La reforma actual redescubre la importancia del ministerio de la presidencia litúrgica. Se busca recuperar su espacio propio en la celebración litúrgica, ya no se habla de un trono, sino de un “lugar” en el presbiterio, formando parte de la asamblea litúrgica, desde el cual Cristo mismo preside en la persona del ministro (SC 7).
No se trata de un elemento meramente funcional para sentarse, sino de un lugar simbólico y sacramental. Es el icono espacial de Cristo, Cabeza y Pastor presente realmente en la celebración de su Iglesia. Desde este lugar, Cristo mismo congrega a su Iglesia y preside su oración.
La reforma nos advierte que debe ser un lugar visible, de tal forma que el presidente “vea” y que le “vean”. Se ha de tener cuidado para que la preeminencia evite la apariencia de trono (OGMR 310) y se opte por un lugar sencillo, digno, que pueda expresar la idea de autoridad como servicio. Lo que la reforma nos pide contradice la tan usada costumbre del triple sillón dorado de terciopelo rojo propio de la sensibilidad barroca que muchas veces nada tiene que ver con las estructuras de muchas de nuestras iglesias.
Conviene que la sede sea estable, para resaltar su permanencia, que pueda quedar visualmente claro que es un espacio único, que se distinga de los demás asientos, incluso con el de los concelebrantes, diáconos, monaguillos, etc., cuyos sitios no deben estar a la par; el que preside es uno. La sede por su material debe estar en armonía con el Ambón y el Altar; y visible de tal forma que su ubicación no aparezca alejada de la asamblea.
Tampoco es conveniente situarla delante del Altar “ya que usurparía al Altar su carácter de centro de la atención de la asamblea”. Y en la catedral debe diferenciarse de la cátedra del obispo, que es signo del magisterio episcopal y ha de permanecer vacía mientras no lo ocupe el obispo.

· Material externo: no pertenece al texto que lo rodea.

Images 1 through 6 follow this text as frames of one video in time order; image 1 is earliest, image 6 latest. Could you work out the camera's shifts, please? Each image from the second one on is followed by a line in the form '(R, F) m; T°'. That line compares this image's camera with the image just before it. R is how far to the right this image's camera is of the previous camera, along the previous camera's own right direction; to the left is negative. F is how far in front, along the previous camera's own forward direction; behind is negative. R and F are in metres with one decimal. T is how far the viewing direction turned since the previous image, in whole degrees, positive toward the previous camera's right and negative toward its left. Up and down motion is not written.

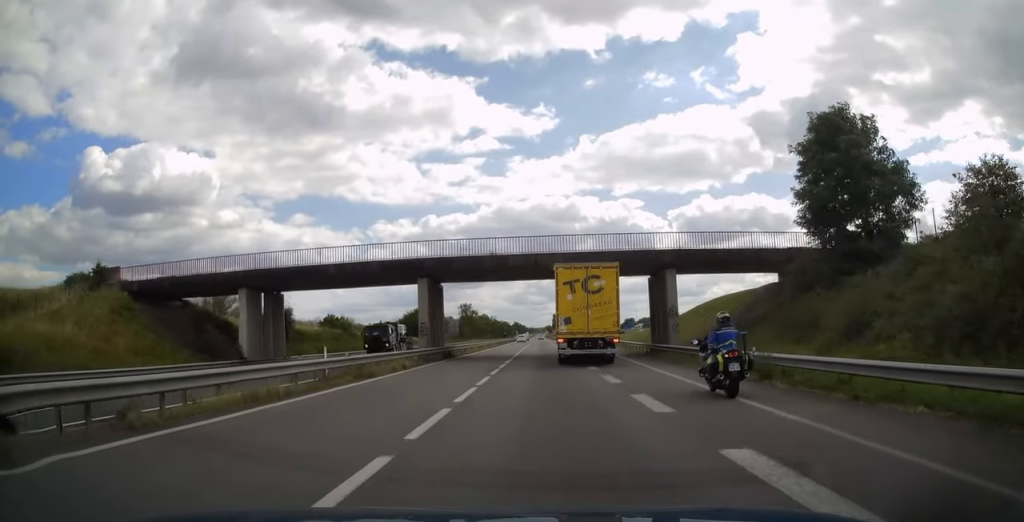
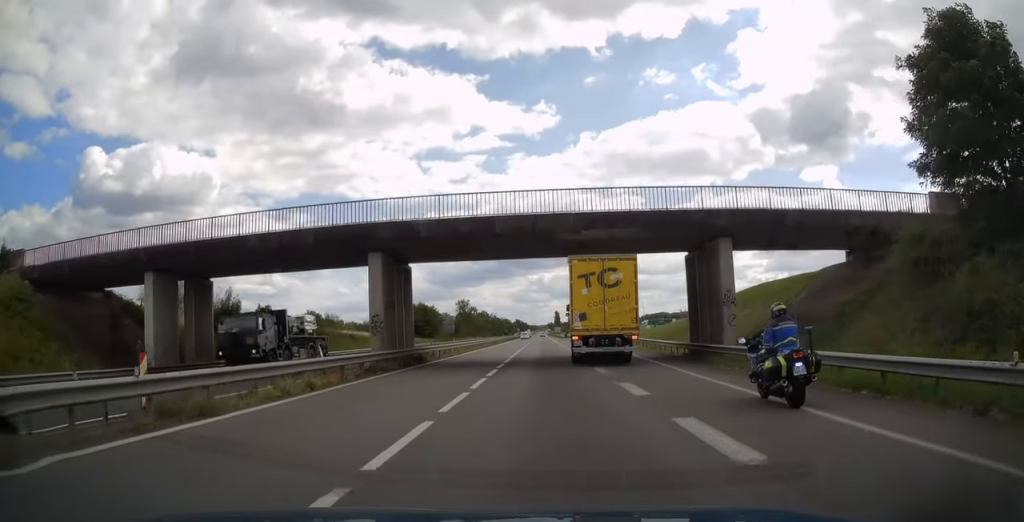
(0.0, +10.6) m; 0°
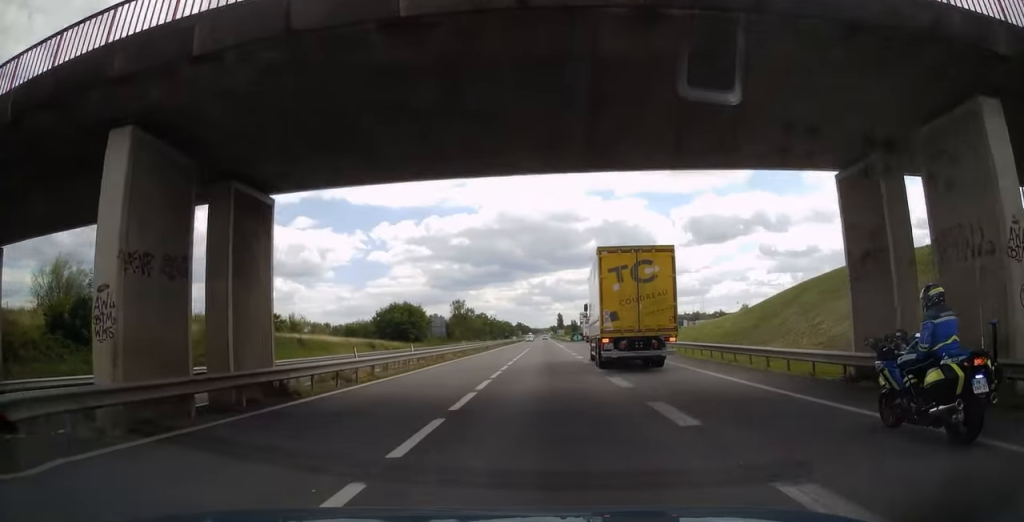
(+0.1, +17.4) m; 0°
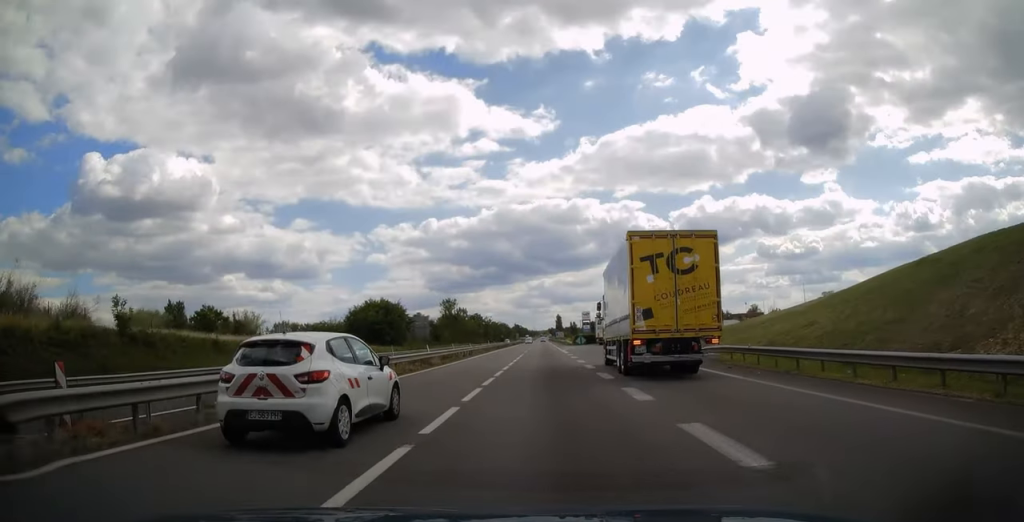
(0.0, +16.2) m; 0°
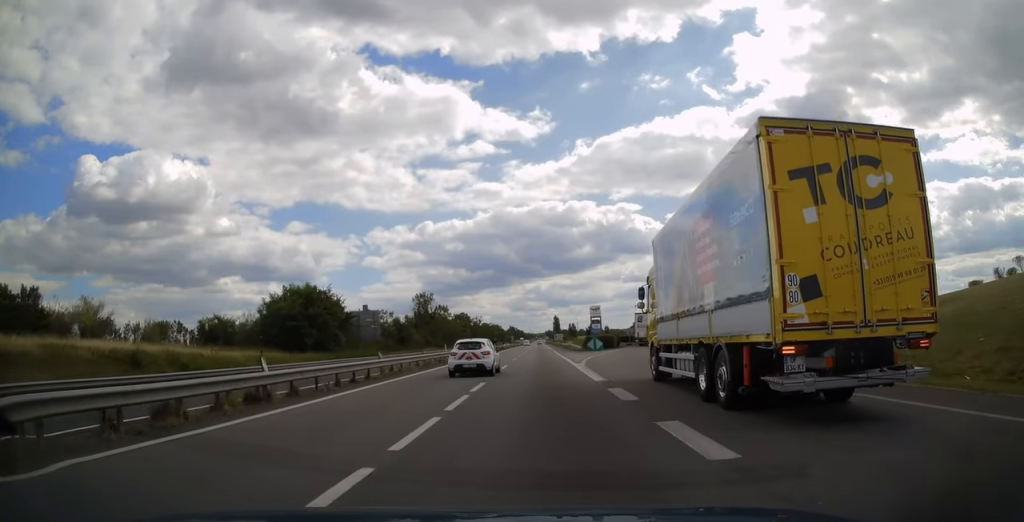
(-0.1, +32.9) m; 0°
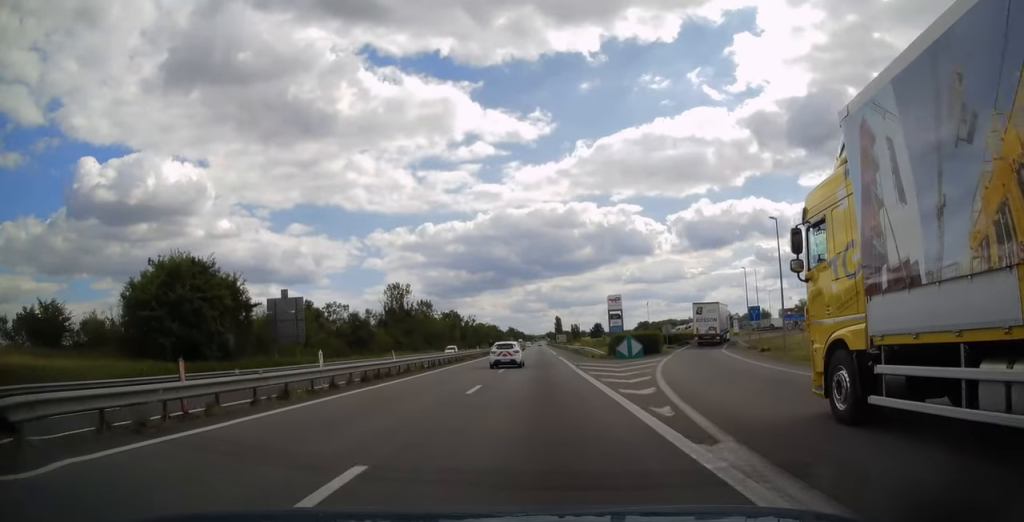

No olvidemos que desde el año 1969 está previsto que el lugar más propio de la homilía es precisamente la Sede, desde la que el sacerdote preside toda la primera parte de la celebración. Si no está bien colocada, la homilía se podrá hacer desde el Ambón o desde otro lugar idóneo como lo dice la OGMR en el n. 136.

Situación actual

Al contemplar muchos de los espacios litúrgicos de nuestras iglesias actuales descubrimos que lamentablemente no se ha descubierto el sentido de la Sede, quizás porque no se tenga una clara comprensión de la teología del ministerio de la presidencia. En muchos lugares subsiste la triple sede como modelo y ejemplo incluso en las nuevas construcciones.
Muchas veces no es única, por lo general, la vemos acompañada por un número excesivo de asientos alrededor de ella, todo esto dificulta su simbolismo.
La sede tiene que estar liberada de todos los asientos en torno a ella, para que pueda expresar que la presidencia litúrgica es única: Cristo mismo. Los arquitectos deben ayudar para buscar la armonía entre los tres “polos magnéticos” de la celebración: Sede, Ambón, Altar a través de su diseño, su material, su estilo, sus proporciones. Sólo así vamos a poder recuperar la Sede como el icono espacial de Cristo Buen Pastor, que nos preside en el servicio y en la caridad, representado sacramentalmente en el presidente de la celebración.
Si logramos tener conciencia clara de todo esto, cuánto podemos crecer, no sólo en la liturgia sino también en la pastoral.